王后的項鍊 · 61女囚徒
就在伯爵夫人思緒奔騰、做著黃粱美夢的時候,在聖·克洛德街雅納住的房子對面,正在進行著另一種性質的活動。
大家還記得,這時候,卡格里奧斯特羅先生已經把正在被克羅斯納先生的警署通緝的逃犯——奧利瓦安置在巴爾薩摩的老房子裡了。
驚魂不定的奧利瓦小姐高興地接受了這個既可逃過警署、又可躲開博西爾的好機會。她就這樣膽戰心驚地藏匿在這個神秘的住所里過日子了。這個神秘的住所曾掩蔽了多少可怕的悲劇,哎喲!真要比尼科爾·勒蓋小姐悲喜劇般的奇遇可怕得多哪!
卡格里奧斯特羅對她關懷備至、體貼入微。
這個少婦有這樣一位大老爺保護,心裡似乎覺得暖洋洋的。他什麼也不要求,可是又象對她寄以無限希望。
不過他在希望些什麼呢?這是這位女遁世者百思而不得其解的。
對奧利瓦小姐而言,卡格里奧斯特羅先生,這個曾經征服過博西爾、戰勝過警探的人是一個救世主,也是一個非常鍾情的情人,既然他尊敬她。
奧利瓦的自尊心不允許她有另外的想法,她一心以為卡格里奧斯特羅有朝一日要把她當作情婦。
對已不再有德行的女人來說,相信有人能愛她又尊重她,這就是一種德行。這顆心枯萎了、乾枯了、死了,已經不再指望愛情了,也不再指望愛情會帶來尊敬了。
於是,奧利瓦在聖·克洛德街她的宅邸的深處做起美夢來了。必須承認,在這些荒誕不經的美夢裡面,博西爾是沒有什麼地位的。
一清早,她就用卡格里奧斯特羅用來點綴他的梳洗室的裝飾品打扮起來,她學著貴婦人,在細細地捉摸賽利枚納①的角色。她一天之中只有這一段時間才有點兒生氣。卡格里奧斯特羅每星期來兩次問她生活得是否習慣,也正是在這個時候。
於是,在她漂亮的客廳裡面,在金碧輝煌的豪華擺設中,這個有點兒自我陶醉的小個兒女人內心裡承認,她過去的生活中充滿了失望和錯誤,並認為一切與道德學家的論點「德行使人幸福」相反,應該說有了幸福才必然會有德行。

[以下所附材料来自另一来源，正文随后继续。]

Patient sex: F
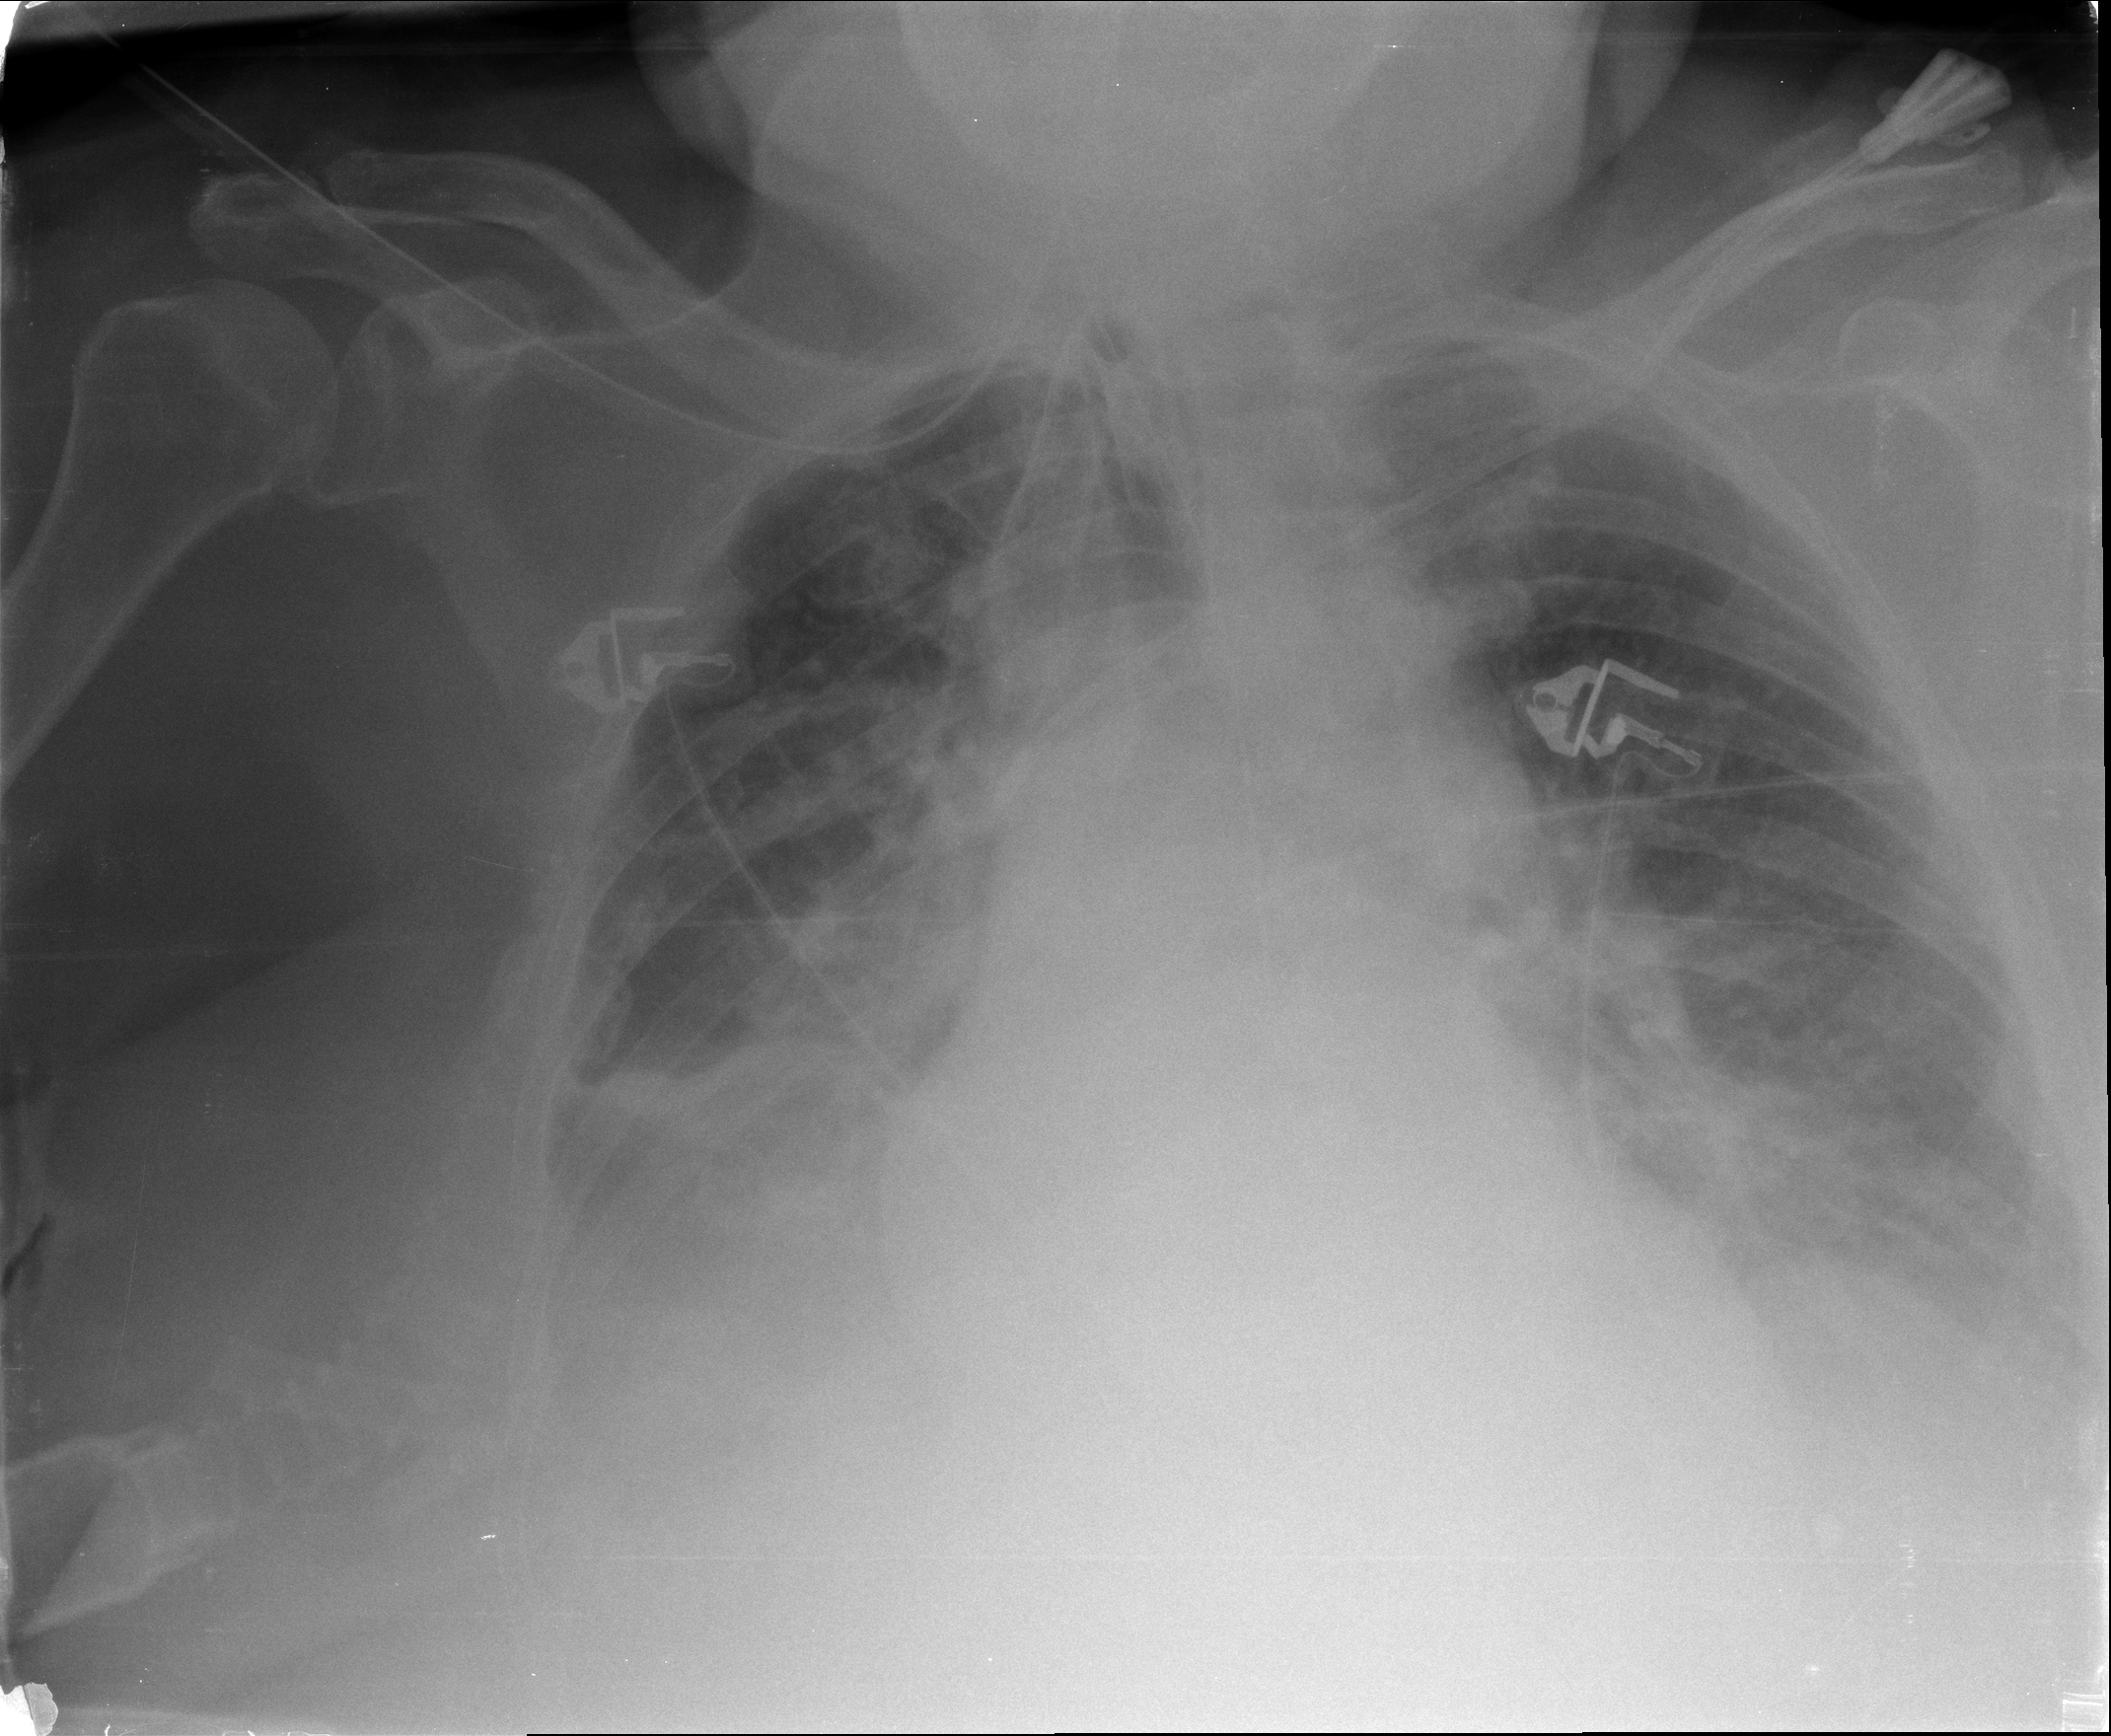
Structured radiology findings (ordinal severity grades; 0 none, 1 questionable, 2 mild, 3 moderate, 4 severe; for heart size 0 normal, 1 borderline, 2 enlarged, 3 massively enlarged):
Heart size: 0
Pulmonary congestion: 0
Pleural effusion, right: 2
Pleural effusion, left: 0
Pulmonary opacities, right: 0
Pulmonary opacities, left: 0
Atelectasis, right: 2
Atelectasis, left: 0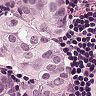
Metastatic tissue present: yes
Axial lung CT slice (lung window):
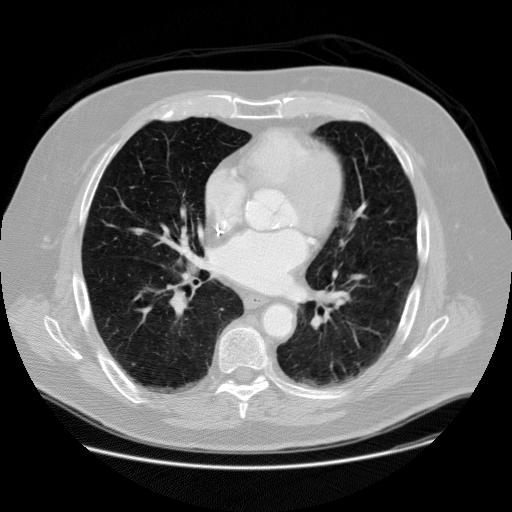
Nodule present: no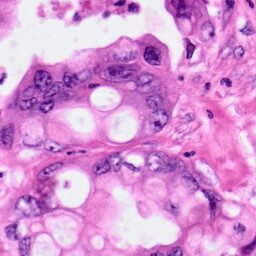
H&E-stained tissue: Pancreatic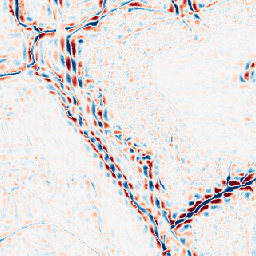
Category: wavelet
Decomposition family: wavelet_biorthogonal
Decomposition parameters: wavelet: bior3.5
level: 3
Upsampling method: nearest
Upsampling parameters: scale: 4
Upsampling scale: 4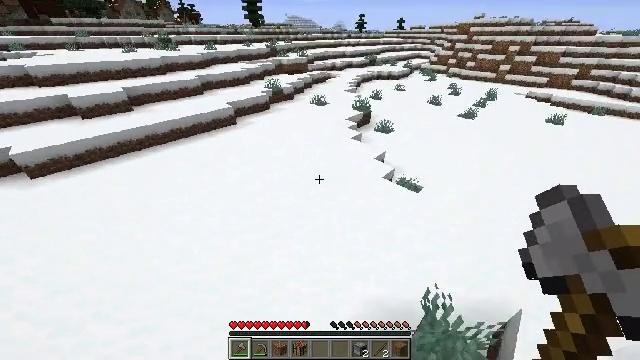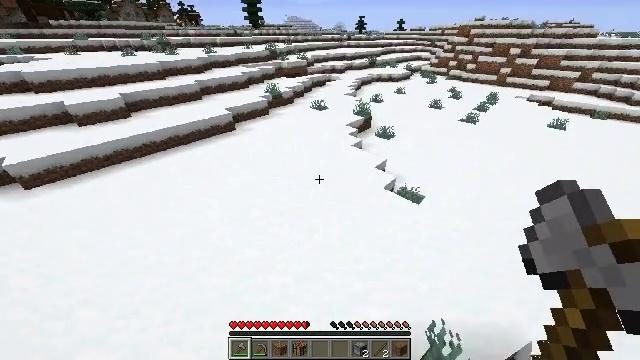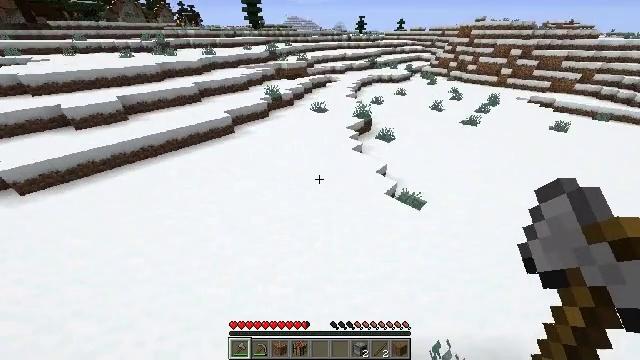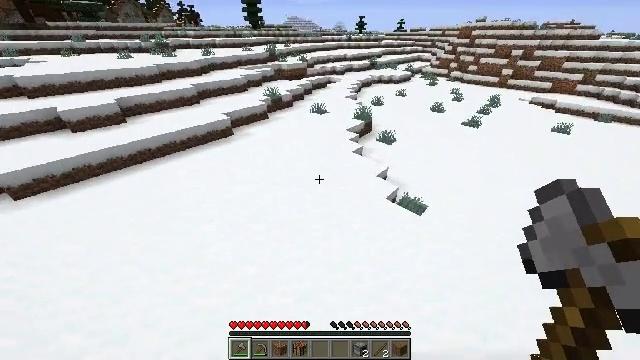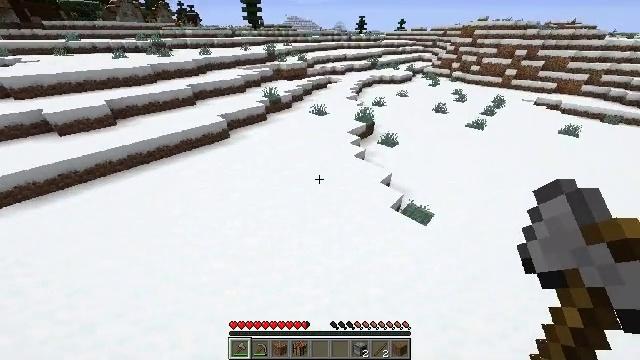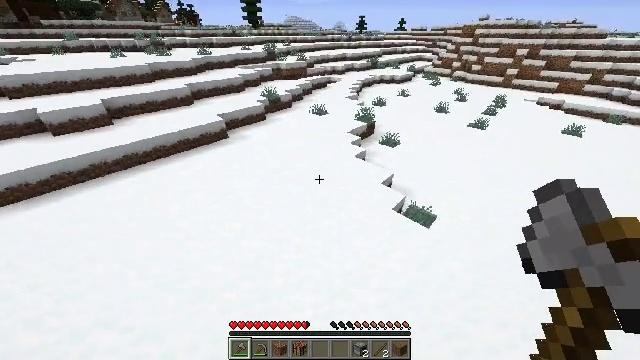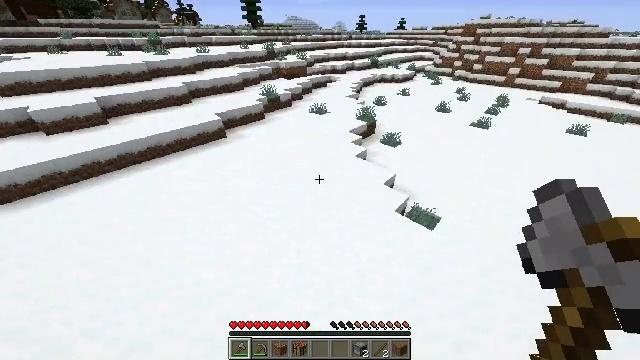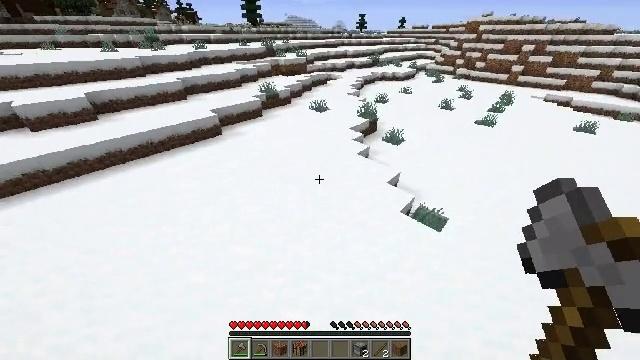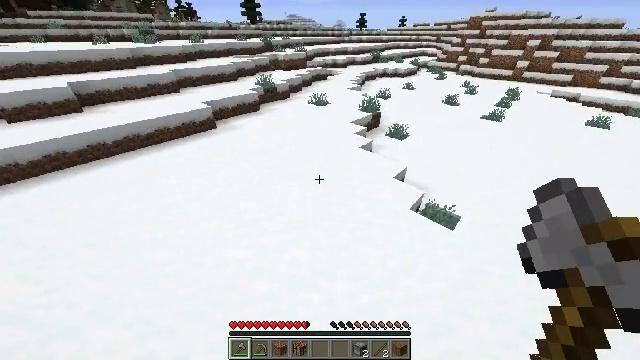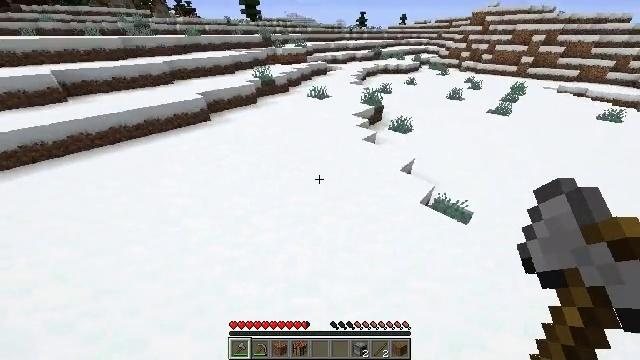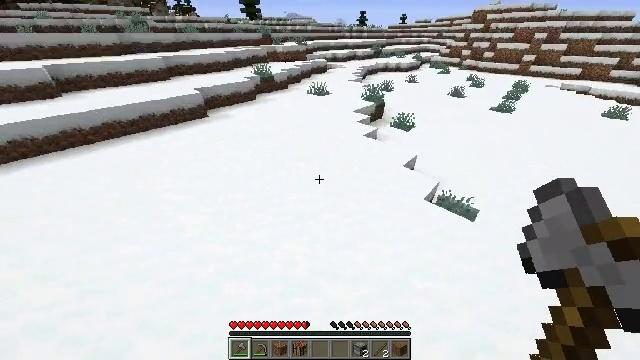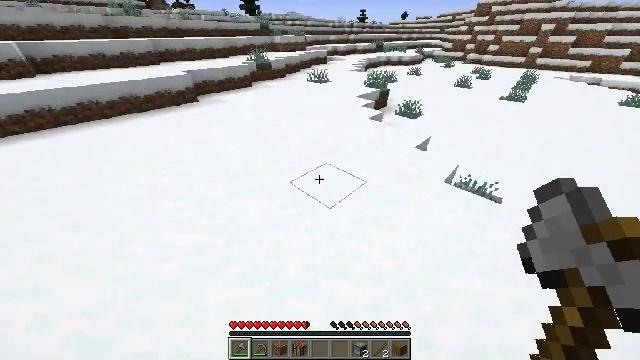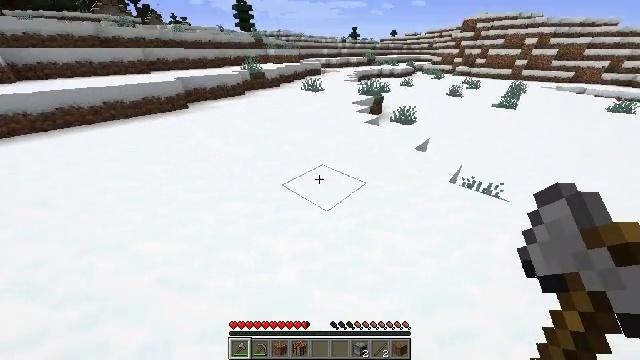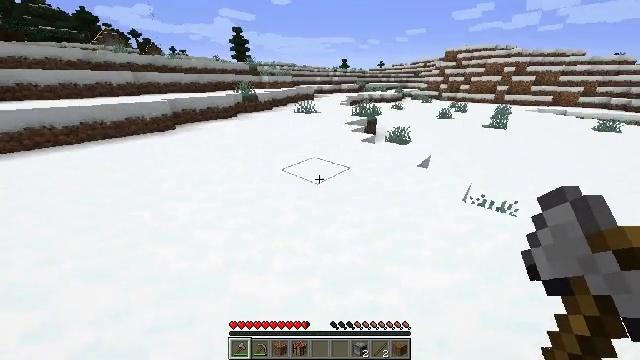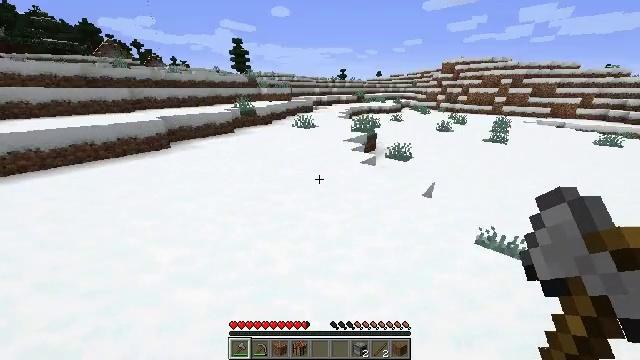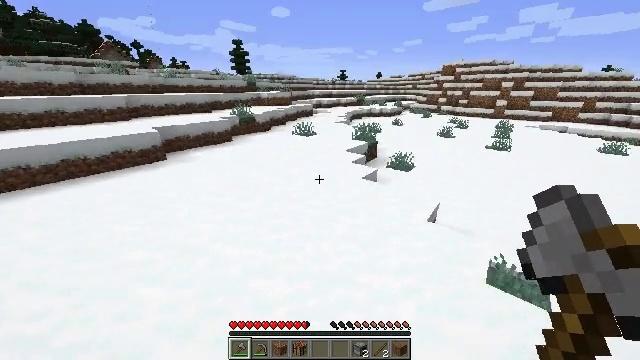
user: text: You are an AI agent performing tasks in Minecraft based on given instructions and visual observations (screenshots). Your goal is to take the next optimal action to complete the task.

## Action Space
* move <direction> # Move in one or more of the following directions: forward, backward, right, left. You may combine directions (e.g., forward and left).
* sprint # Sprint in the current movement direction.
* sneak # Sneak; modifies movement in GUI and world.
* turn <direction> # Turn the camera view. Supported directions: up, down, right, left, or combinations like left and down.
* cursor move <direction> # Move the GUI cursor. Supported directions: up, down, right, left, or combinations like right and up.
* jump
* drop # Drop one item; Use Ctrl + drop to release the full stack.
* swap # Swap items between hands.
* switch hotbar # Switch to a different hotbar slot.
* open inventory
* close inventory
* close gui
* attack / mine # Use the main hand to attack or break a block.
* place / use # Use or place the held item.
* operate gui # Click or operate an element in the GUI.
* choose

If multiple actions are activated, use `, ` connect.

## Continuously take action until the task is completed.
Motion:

不幸的是,在這種幸福的組成成分中,缺少一個使幸福持久的不可缺少的因素。
奧利瓦很幸福,可是她感到無聊。
書籍、圖畫、樂器都不足以給她解悶。書籍內容不夠色情,有點兒色情的也很快看完了。圖畫看了一次以後也就沒有什麼新鮮東西——這是奧利瓦的看法,不是我們的看法——而樂器只能發出一種噪音,一隻未經鍛煉的手,是永遠也不能使它發出象樣的聲音的。
必須承認,奧利瓦不用多少時間就對她的幸福膩煩透了。她經常含著眼淚懷念過去在王妃街窗口所度過的美好的早晨,那時候她的眼光象是有磁性的一樣,吸引了街上所有的行人抬頭向她看。
在聖·日耳曼街區的散步又是多麼舒心,她的腳上趿著的迷人的拖鞋,後跟有兩寸高,露著她彎彎的富於肉感的纖足。她婀娜多姿地行一步,就從欣賞者嘴裡引出一聲輕輕的驚嘆,她每走一步,就是一次成功。當她偶爾滑了一下,這驚嘆聲就帶著關心和惋惜;當她邁開了小腳又露出了小腿時,這驚嘆聲中就飽含著非分之想了。
這一切都是被禁閉著的尼科爾心裡所想的。警察總監先生的手下的確是很可怕的,在濟貧院決不如暫時在聖·克洛德街過著奢華的囚禁生活好,囚禁在骯髒不堪的濟貧所里的女人簡直是等死。可是如果有時不識好歹地使使性子,至少在思想里使使性子,把好事搞糟,那還能算什麼有權任性行事的女人呢?做女人還有什麼用呢?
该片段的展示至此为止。